Used internally to sync

```sh
master:[port]/skynet/
volume:[port]/autodiscovery/
```

# Dev

To run the DB locally, point your name machine properly to 127.0.0.1 in the
**/etc/hosts** file.

In order to debug faster, I created an app to view values from LMDB. This app runs over Java 11.

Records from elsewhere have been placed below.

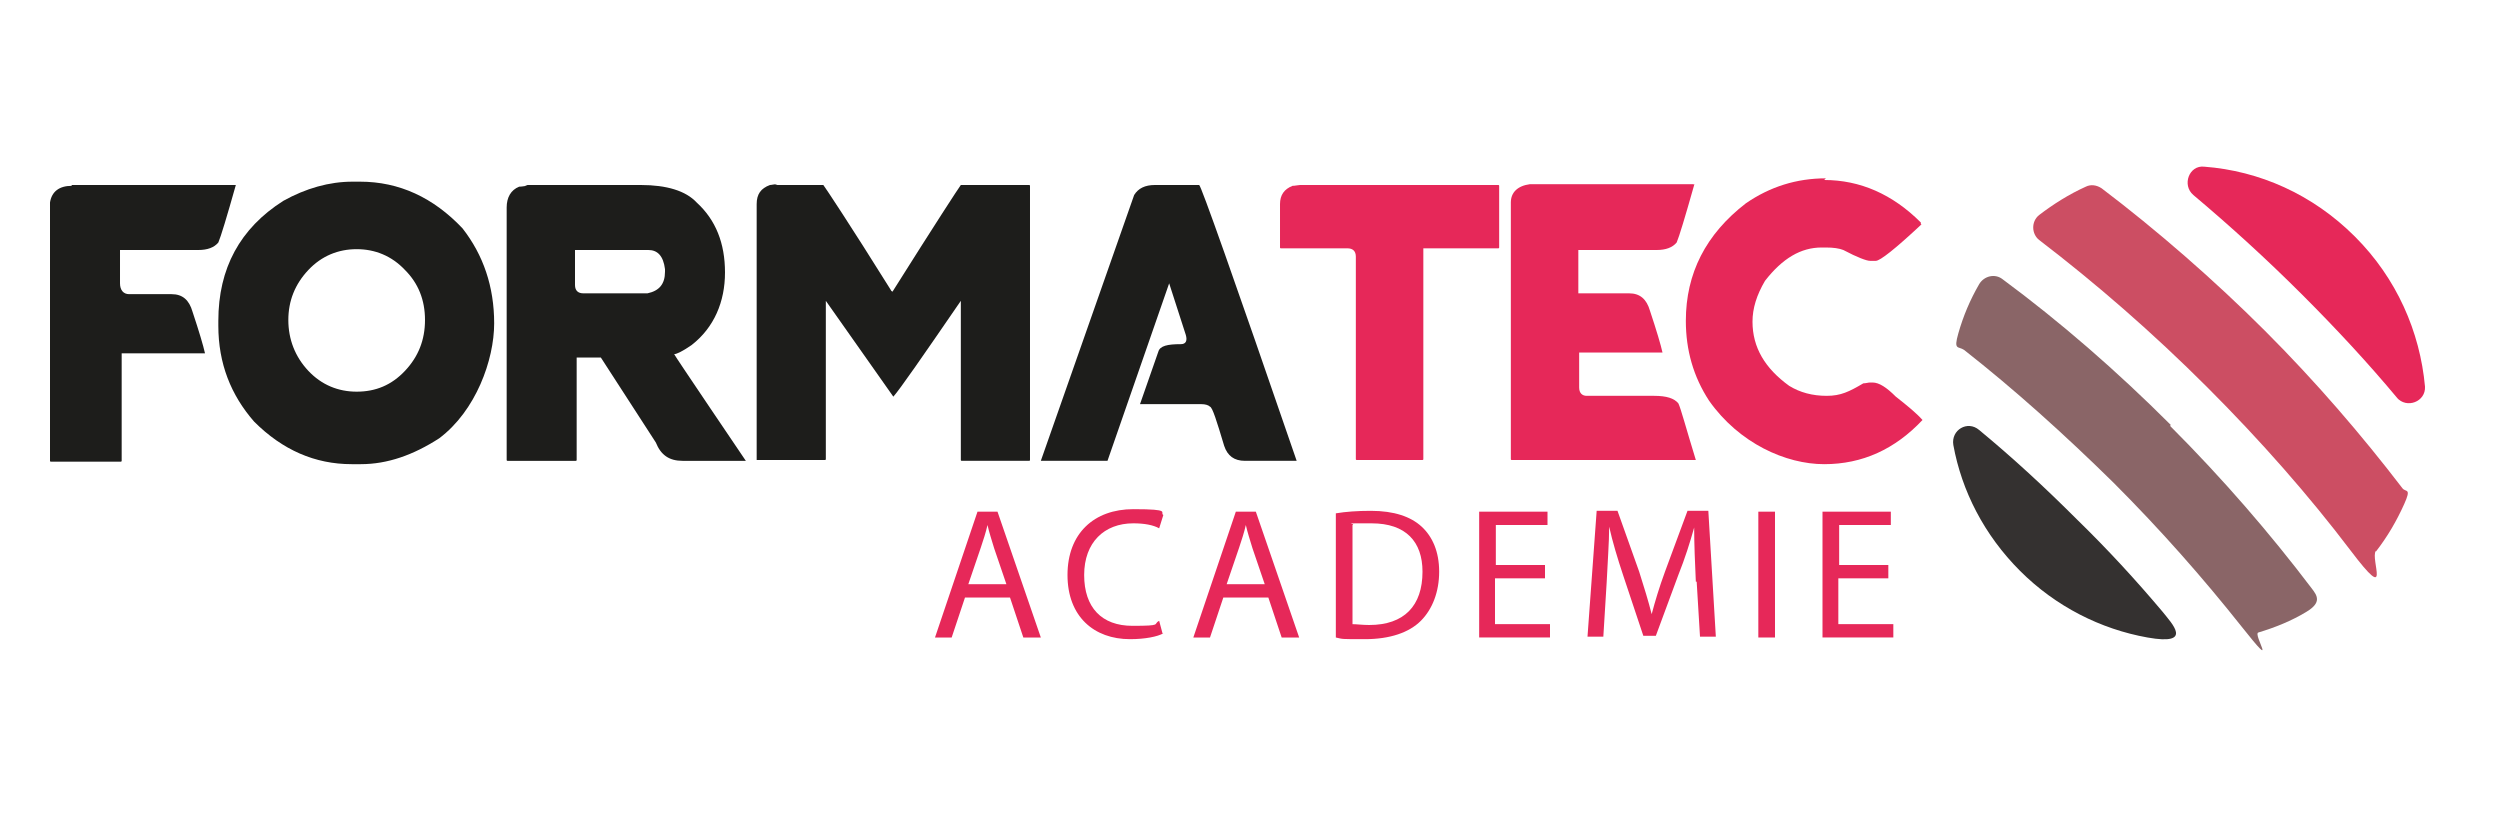 <?xml version="1.0" encoding="UTF-8"?>
<svg id="Calque_1" xmlns="http://www.w3.org/2000/svg" version="1.1" viewBox="0 0 300 100">
  <!-- Generator: Adobe Illustrator 29.1.0, SVG Export Plug-In . SVG Version: 2.1.0 Build 142)  -->
  <defs>
    <style>
      .st0 {
        fill: #8a6567;
      }

      .st1 {
        fill: #1d1d1b;
      }

      .st2 {
        fill: #cc4e63;
      }

      .st3 {
        fill: #343130;
      }

      .st4 {
        fill: #e62859;
      }
    </style>
  </defs>
  <g>
    <path class="st3" d="M237.5,51.6c-1.4-1.2-3.4,0-3.1,1.8,1,5.5,3.7,10.8,8,15.1,4.3,4.3,9.7,7,15.3,8s2.9-1.7,1.8-3.1c-3.2-3.8-6.6-7.5-10.3-11.1-3.8-3.8-7.7-7.4-11.7-10.7Z"/>
    <path class="st2" d="M285.1,66.2c1.4-1.8,2.5-3.7,3.4-5.7s.2-1.4-.2-1.9c-4.9-6.4-10.4-12.8-16.5-18.9s-13-12.1-19.6-17.1c-.6-.4-1.3-.5-1.9-.2-2,.9-3.9,2.1-5.6,3.4-1,.8-.9,2.3,0,3,6.8,5.2,13.6,11.1,20.2,17.7,6.4,6.4,12.2,13,17.2,19.6s2.3,1,3,0Z"/>
    <path class="st4" d="M287.6,47.7c1.2,1.4,3.5.5,3.4-1.3-.6-6.6-3.4-13-8.4-18-5.1-5.1-11.5-7.9-18.1-8.4-1.8-.2-2.7,2.2-1.3,3.4,4.4,3.7,8.8,7.7,13.1,12,4.1,4.1,7.9,8.2,11.4,12.4Z"/>
    <path class="st0" d="M260.5,51c-6.5-6.5-13.3-12.4-20.2-17.5-.9-.7-2.2-.4-2.8.6-1.1,1.9-1.9,3.8-2.5,5.9s0,1.5.7,2c6,4.7,12,10.1,17.9,15.9,5.7,5.7,10.8,11.5,15.4,17.3s1.3.9,2,.7c2-.6,4-1.4,5.8-2.5s1.3-1.9.6-2.8c-5-6.6-10.7-13.2-17-19.5Z"/>
  </g>
  <g>
    <path class="st4" d="M115.8,71.7l-1.6,4.8h-2l5.1-15.1h2.4l5.2,15.1h-2.1l-1.6-4.8h-5.4ZM120.8,70.2l-1.5-4.4c-.3-1-.6-1.9-.8-2.8h0c-.2.9-.5,1.8-.8,2.7l-1.5,4.4h4.6Z"/>
    <path class="st4" d="M139.6,76c-.7.4-2.2.7-4,.7-4.3,0-7.5-2.7-7.5-7.7s3.2-7.9,7.9-7.9,3.1.4,3.6.7l-.5,1.6c-.7-.4-1.8-.6-3.1-.6-3.5,0-5.9,2.3-5.9,6.2s2.1,6.1,5.8,6.1,2.4-.2,3.2-.6l.4,1.5Z"/>
    <path class="st4" d="M146.8,71.7l-1.6,4.8h-2l5.1-15.1h2.4l5.2,15.1h-2.1l-1.6-4.8h-5.4ZM151.8,70.2l-1.5-4.4c-.3-1-.6-1.9-.8-2.8h0c-.2.9-.5,1.8-.8,2.7l-1.5,4.4h4.6Z"/>
    <path class="st4" d="M160.3,61.6c1.2-.2,2.6-.3,4.2-.3,2.8,0,4.8.7,6.1,1.9,1.3,1.2,2.1,3,2.1,5.4s-.8,4.5-2.2,5.9c-1.4,1.4-3.7,2.2-6.7,2.2s-2.6,0-3.5-.2v-14.9ZM162.3,74.9c.5,0,1.2.1,2,.1,4.2,0,6.4-2.3,6.4-6.4,0-3.6-2-5.8-6.1-5.8s-1.8,0-2.3.2v11.9Z"/>
    <path class="st4" d="M185.3,69.4h-5.9v5.5h6.6v1.6h-8.5v-15.1h8.2v1.6h-6.2v4.8h5.9v1.6Z"/>
    <path class="st4" d="M203.5,69.8c-.1-2.1-.2-4.6-.2-6.5h0c-.5,1.8-1.1,3.7-1.9,5.7l-2.7,7.3h-1.5l-2.4-7.2c-.7-2.1-1.3-4.1-1.7-5.9h0c0,1.9-.2,4.4-.3,6.7l-.4,6.5h-1.9l1.1-15.1h2.5l2.6,7.3c.6,1.9,1.1,3.5,1.5,5.1h0c.4-1.5.9-3.2,1.6-5.1l2.7-7.3h2.5l.9,15.1h-1.9l-.4-6.6Z"/>
    <path class="st4" d="M213,61.4v15.1h-2v-15.1h2Z"/>
    <path class="st4" d="M226.5,69.4h-5.9v5.5h6.6v1.6h-8.5v-15.1h8.2v1.6h-6.2v4.8h5.9v1.6Z"/>
  </g>
  <g>
    <path class="st1" d="M8.6,22.2h19.7c-1.1,3.9-1.8,6.2-2.1,6.9-.5.6-1.3.9-2.4.9h-9.4v4c0,.8.4,1.3,1.1,1.3h5.1c1.3,0,2.1.7,2.5,2.1.8,2.4,1.3,4.1,1.5,5h-10c0,.7,0,1.1,0,1.5v11.4c0,0,0,.1-.1.1H6.1c0,0-.1,0-.1-.1v-31c.2-1.3,1.1-2,2.6-2Z"/>
    <path class="st1" d="M42.3,21.8h.9c4.7,0,8.8,1.9,12.3,5.6,2.5,3.2,3.8,7,3.8,11.4s-2.2,10.5-6.6,13.8c-3.1,2-6.2,3.1-9.4,3.1h-1.1c-4.4,0-8.3-1.7-11.7-5.1-2.8-3.2-4.3-7-4.3-11.5v-.6c0-6.3,2.6-11.1,7.8-14.4,2.7-1.5,5.5-2.3,8.3-2.3ZM42.8,47c2.3,0,4.2-.8,5.8-2.5,1.6-1.7,2.4-3.7,2.4-6.1s-.8-4.4-2.4-6c-1.6-1.7-3.6-2.5-5.8-2.5s-4.2.8-5.8,2.5c-1.6,1.7-2.4,3.7-2.4,6s.8,4.4,2.4,6.1c1.6,1.7,3.6,2.5,5.8,2.5Z"/>
    <path class="st1" d="M63,22.2h13.9c3.1,0,5.4.7,6.7,2.1,2.3,2.1,3.4,4.9,3.4,8.4s-1.3,6.6-4,8.7c-1,.7-1.8,1.1-2.1,1.1h0c0,.1,8.6,12.8,8.6,12.8h-.1c0,0-7.5,0-7.5,0-1.6,0-2.6-.7-3.2-2.2l-6.6-10.2h-2.9v12.3c0,0,0,.1-.1.1h-8.2c0,0-.1,0-.1-.1v-30.3c0-1.2.5-2.1,1.5-2.5.4,0,.7-.1,1-.1ZM69,29.9v4.3c0,.7.4,1,1,1h7.7c1.4-.3,2.1-1.1,2.1-2.6v-.3c-.2-1.6-.9-2.3-2-2.3h-8.8Z"/>
    <path class="st1" d="M93,22.2h5.8c.3.4,3.1,4.6,8.1,12.6,0,.1.2.2.2.2,5.1-8.1,7.9-12.4,8.2-12.8h8.2c0,0,.1,0,.1.1v32.9c0,0,0,.1-.1.1h-8.1c0,0-.1,0-.1-.1v-19.1h0c-4.6,6.7-7.3,10.6-8.1,11.5h0l-8.1-11.5v19c0,0,0,.1-.1.1-3.9,0-6.6,0-8.2,0h0v-30.7c0-1.2.5-1.9,1.6-2.3.2,0,.5-.1.9-.1Z"/>
    <path class="st1" d="M138.5,22.2h5.4c.2,0,4.1,11,11.7,33.1h-6.2c-1.3,0-2.1-.6-2.5-1.8-.9-3-1.4-4.6-1.7-4.7-.2-.2-.6-.3-1-.3h-7.4l2.2-6.3c.2-.7,1.1-.9,2.7-.9.6,0,.8-.4.6-1.1l-2-6.2-7.4,21.3h-8l11.2-31.9c.5-.8,1.3-1.2,2.5-1.2Z"/>
  </g>
  <g>
    <path class="st4" d="M155.9,22.2h23.9c0,0,.1,0,.1.1v7.4c0,0,0,.1-.1.1h-9v25.3c0,0,0,.1-.1.1h-7.9c0,0-.1,0-.1-.1v-24.3c0-.7-.4-1-1-1h-8c0,0-.1,0-.1-.1v-5.2c0-1.1.5-1.8,1.5-2.2.3,0,.7-.1.9-.1Z"/>
    <path class="st4" d="M203.2,22.2h.1c-1.1,3.9-1.8,6.2-2.1,6.9-.5.6-1.3.9-2.4.9h-9.4v5.2h6.1c1.3,0,2.1.7,2.5,2.1.8,2.4,1.3,4.1,1.5,5h-10c0,.7,0,1.1,0,1.5v2.7c0,.7.4,1,.9,1h8.1c1.5,0,2.4.3,2.9.9.3.6.9,2.9,2.1,6.8h-.1c0,0-22,0-22,0,0,0-.1,0-.1-.1v-30.8c0-1.2.8-2,2.3-2.2h19.8Z"/>
    <path class="st4" d="M218.9,21.6c4.3,0,8.2,1.7,11.6,5.1v.2c.1,0,.1,0,.1,0-3.2,3-5,4.4-5.5,4.4-.3,0-.6,0-.7,0-.4,0-1.5-.4-3.2-1.3-.5-.2-1.2-.3-2.1-.3h-.5c-2.5,0-4.7,1.3-6.8,4-1,1.7-1.5,3.3-1.5,4.9,0,3.1,1.5,5.6,4.4,7.7,1.3.8,2.8,1.2,4.5,1.2s2.7-.5,4.4-1.5c.3,0,.6-.1.8-.1h.3c.8,0,1.7.6,2.8,1.7,1.4,1.1,2.5,2,3.2,2.8-3.3,3.5-7.2,5.3-11.8,5.3s-10.2-2.5-13.8-7.6c-1.9-2.9-2.8-6.1-2.8-9.6,0-5.7,2.4-10.4,7.2-14.1,2.9-2,6.1-3,9.6-3Z"/>
  </g>
</svg>

https://github.com/cleve/lmdb-viewer

## Keys

Keys will be encoded in base64, only ASCII chars are allowed.

## Docker

### Master

```sh
# From the root directory
docker build --rm -f dockers/Dockerfile.main -t pulzar-master:latest .

# Run it
docker run --hostname [host] --name [name] --rm -d -p 31414:31414 pulzar-master:latest
```

### Volume

```sh
# From the root directory
docker build --rm -f dockers/Dockerfile.node -t pulzar-node:latest .

# Run it
docker run --hostname [host] --name [name] --rm -d -p 31415:31415 pulzar-node:latest
```

# Test

For test purposes files of 1kb were used.

## Write tests

### Synchronical executions

For a set of 10000 instances

* Request time: 0.038187040000000005(s)
* Total time: 0.0632065145202796(s)

## Read tests

### Executions

* Request time: 0.0019433000000000002(s)
* Total time: 0.0057227806300943485(s)

## Delete tests

* Request time: 0.0038965599999999994
* Total time: 0.012113715090054029

## Restore test

Preparing 600 files: 23.977071480000177(s)

## Windows

You can use the linux subsystem. Tested with Ubuntu 20.04.

First install pip3 using

```sh
sudo apt install python3-pip
```

After, install **uwsgi** with pip3

```sh
sudo pip3 install uwsgi
```

# Test docker in local

You can try with the public repo on dockerhub:

## For linux
```sh
# Run UI
docker run -it --name pulzar-ui -d --rm -p 80:80 mauriciocleveland/pulzar-ui:1.0.1

# Run master
docker run --network host --name pulzar-master --rm -d mauriciocleveland/pulzar-master:1.0.1

# Run node
docker run --network host --name pulzar-node --rm -d mauriciocleveland/pulzar-node:1.0.1
```

## For Windows

Same commands but make sure set the **host** option to **docker.for.win.localhost** into the **config/server.conf file**

```ini
[server]
host=docker.for.win.localhost
port=31414
key=l415S4Nt05
...
```

# Logs

You can define the log level under app/pulzarutils/constants.py

```sh
# INFO, DEBUG, ERROR
self.DEBUG_LEVEL = 'DEBUG'
```

In production, the logs can be found at ``` /var/lib/pulzar/log/ ```

For errors, you can access to the docker container or use volume to mount the logs
into the host machine

# Production

You can deploy the system using Docker.